EXERCISE PROMPT:
What is printed must match, line for line, the records from their first line through the line containing "Its self-contained STEP", with pictures left out.

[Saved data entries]
+-------+

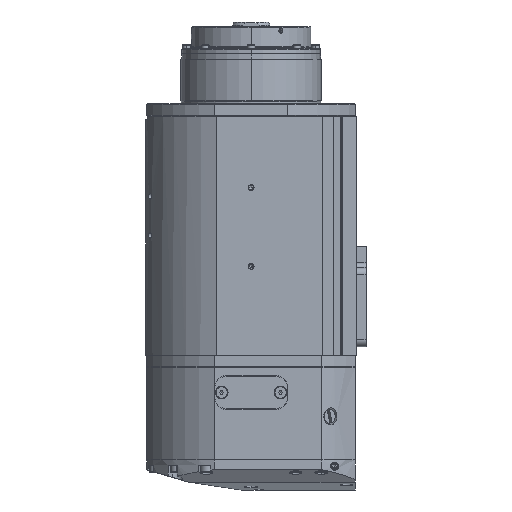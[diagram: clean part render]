
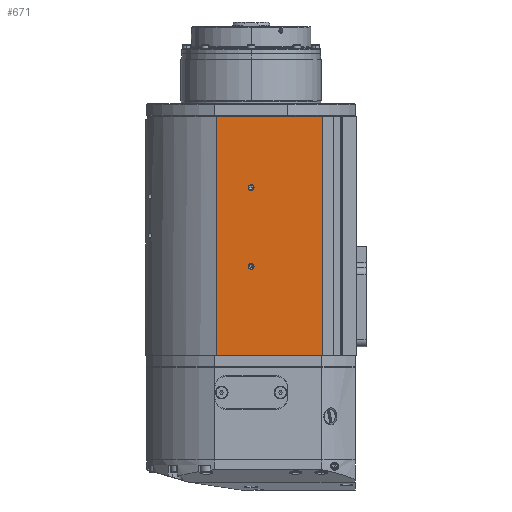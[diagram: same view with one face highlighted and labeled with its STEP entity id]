
A CAD part, left-side view. The second image highlights one B-rep face of the part: STEP entity #671.
In plain terms, the highlighted planar face has unit normal (-1, 0, 0).
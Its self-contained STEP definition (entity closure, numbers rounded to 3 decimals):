
#411 = CIRCLE ( 'NONE', #60139, 2.1 ) ;
#671 = ADVANCED_FACE ( 'NONE', ( #68442, #33941, #37270 ), #2696, .F. ) ;
#1652 = ORIENTED_EDGE ( 'NONE', *, *, #23413, .F. ) ;
#2613 = DIRECTION ( 'NONE',  ( 0., 0., 1. ) ) ;
#2696 = PLANE ( 'NONE',  #7279 ) ;
#4429 = CARTESIAN_POINT ( 'NONE',  ( -75., -51., 85.25 ) ) ;
#6836 = EDGE_CURVE ( 'NONE', #19819, #18654, #7766, .T. ) ;
#7279 = AXIS2_PLACEMENT_3D ( 'NONE', #23258, #70668, #78780 ) ;
#7766 = CIRCLE ( 'NONE', #26241, 2.1 ) ;
#8194 = VERTEX_POINT ( 'NONE', #70657 ) ;
#9818 = ORIENTED_EDGE ( 'NONE', *, *, #50030, .F. ) ;
#11051 = ORIENTED_EDGE ( 'NONE', *, *, #20947, .F. ) ;
#12833 = EDGE_LOOP ( 'NONE', ( #79139, #1652 ) ) ;
#13046 = CARTESIAN_POINT ( 'NONE',  ( -75., 0., 34.25 ) ) ;
#14461 = VECTOR ( 'NONE', #83630, 1000. ) ;
#15882 = CARTESIAN_POINT ( 'NONE',  ( -75., 24.819, 85.25 ) ) ;
#17993 = DIRECTION ( 'NONE',  ( 0., 1., 0. ) ) ;
#18654 = VERTEX_POINT ( 'NONE', #31984 ) ;
#19229 = CARTESIAN_POINT ( 'NONE',  ( -75., 0., -21.75 ) ) ;
#19819 = VERTEX_POINT ( 'NONE', #24446 ) ;
#20947 = EDGE_CURVE ( 'NONE', #18654, #19819, #411, .T. ) ;
#21041 = DIRECTION ( 'NONE',  ( 0., 0., 1. ) ) ;
#21138 = ORIENTED_EDGE ( 'NONE', *, *, #36208, .T. ) ;
#23191 = LINE ( 'NONE', #83054, #14461 ) ;
#23258 = CARTESIAN_POINT ( 'NONE',  ( -75., 24.819, 86.75 ) ) ;
#23413 = EDGE_CURVE ( 'NONE', #52898, #46852, #86348, .T. ) ;
#23587 = EDGE_CURVE ( 'NONE', #8194, #54742, #74475, .T. ) ;
#24377 = AXIS2_PLACEMENT_3D ( 'NONE', #57608, #50988, #2613 ) ;
#24446 = CARTESIAN_POINT ( 'NONE',  ( -75., 0., -19.65 ) ) ;
#25170 = VERTEX_POINT ( 'NONE', #15882 ) ;
#25721 = VECTOR ( 'NONE', #80524, 1000. ) ;
#26241 = AXIS2_PLACEMENT_3D ( 'NONE', #62458, #50692, #21041 ) ;
#26401 = DIRECTION ( 'NONE',  ( 0., 0., 1. ) ) ;
#28679 = ORIENTED_EDGE ( 'NONE', *, *, #79164, .F. ) ;
#28890 = VECTOR ( 'NONE', #73553, 1000. ) ;
#31786 = ORIENTED_EDGE ( 'NONE', *, *, #6836, .F. ) ;
#31984 = CARTESIAN_POINT ( 'NONE',  ( -75., 0., -23.85 ) ) ;
#33941 = FACE_BOUND ( 'NONE', #80749, .T. ) ;
#36208 = EDGE_CURVE ( 'NONE', #25170, #54742, #42964, .T. ) ;
#37153 = ORIENTED_EDGE ( 'NONE', *, *, #23587, .F. ) ;
#37270 = FACE_BOUND ( 'NONE', #12833, .T. ) ;
#37848 = VERTEX_POINT ( 'NONE', #4429 ) ;
#39024 = DIRECTION ( 'NONE',  ( 0., 0., 1. ) ) ;
#41343 = AXIS2_PLACEMENT_3D ( 'NONE', #13046, #89443, #26401 ) ;
#42964 = LINE ( 'NONE', #46466, #28890 ) ;
#43066 = CARTESIAN_POINT ( 'NONE',  ( -75., 0., 32.15 ) ) ;
#46466 = CARTESIAN_POINT ( 'NONE',  ( -75., 24.819, 86.75 ) ) ;
#46852 = VERTEX_POINT ( 'NONE', #54080 ) ;
#50030 = EDGE_CURVE ( 'NONE', #37848, #8194, #74255, .T. ) ;
#50692 = DIRECTION ( 'NONE',  ( -1., 0., 0. ) ) ;
#50988 = DIRECTION ( 'NONE',  ( -1., 0., 0. ) ) ;
#52898 = VERTEX_POINT ( 'NONE', #43066 ) ;
#54080 = CARTESIAN_POINT ( 'NONE',  ( -75., 0., 36.35 ) ) ;
#54742 = VERTEX_POINT ( 'NONE', #87728 ) ;
#57608 = CARTESIAN_POINT ( 'NONE',  ( -75., 0., 34.25 ) ) ;
#58549 = CARTESIAN_POINT ( 'NONE',  ( -75., -51., 86.75 ) ) ;
#60072 = DIRECTION ( 'NONE',  ( -1., 0., 0. ) ) ;
#60139 = AXIS2_PLACEMENT_3D ( 'NONE', #19229, #60072, #39024 ) ;
#62458 = CARTESIAN_POINT ( 'NONE',  ( -75., 0., -21.75 ) ) ;
#63723 = VECTOR ( 'NONE', #17993, 1000. ) ;
#68442 = FACE_OUTER_BOUND ( 'NONE', #80803, .T. ) ;
#68655 = CIRCLE ( 'NONE', #41343, 2.1 ) ;
#70657 = CARTESIAN_POINT ( 'NONE',  ( -75., -51., -85.25 ) ) ;
#70668 = DIRECTION ( 'NONE',  ( 1., 0., 0. ) ) ;
#73553 = DIRECTION ( 'NONE',  ( 0., 0., -1. ) ) ;
#74255 = LINE ( 'NONE', #58549, #25721 ) ;
#74475 = LINE ( 'NONE', #86823, #63723 ) ;
#74941 = EDGE_CURVE ( 'NONE', #46852, #52898, #68655, .T. ) ;
#78780 = DIRECTION ( 'NONE',  ( 0., 1., 0. ) ) ;
#79139 = ORIENTED_EDGE ( 'NONE', *, *, #74941, .F. ) ;
#79164 = EDGE_CURVE ( 'NONE', #25170, #37848, #23191, .T. ) ;
#80524 = DIRECTION ( 'NONE',  ( 0., 0., -1. ) ) ;
#80749 = EDGE_LOOP ( 'NONE', ( #31786, #11051 ) ) ;
#80803 = EDGE_LOOP ( 'NONE', ( #37153, #9818, #28679, #21138 ) ) ;
#83054 = CARTESIAN_POINT ( 'NONE',  ( -75., 24.819, 85.25 ) ) ;
#83630 = DIRECTION ( 'NONE',  ( 0., -1., 0. ) ) ;
#86348 = CIRCLE ( 'NONE', #24377, 2.1 ) ;
#86823 = CARTESIAN_POINT ( 'NONE',  ( -75., 24.819, -85.25 ) ) ;
#87728 = CARTESIAN_POINT ( 'NONE',  ( -75., 24.819, -85.25 ) ) ;
#89443 = DIRECTION ( 'NONE',  ( -1., 0., 0. ) ) ;

+-------+

FINAL ANSWER:
[diagram: clean part render]
[diagram: same view with one face highlighted and labeled with its STEP entity id]
A CAD part, left-side view. The second image highlights one B-rep face of the part: STEP entity #671.
In plain terms, the highlighted planar face has unit normal (-1, 0, 0).
Its self-contained STEP definition (entity closure, numbers rounded to 3 decimals):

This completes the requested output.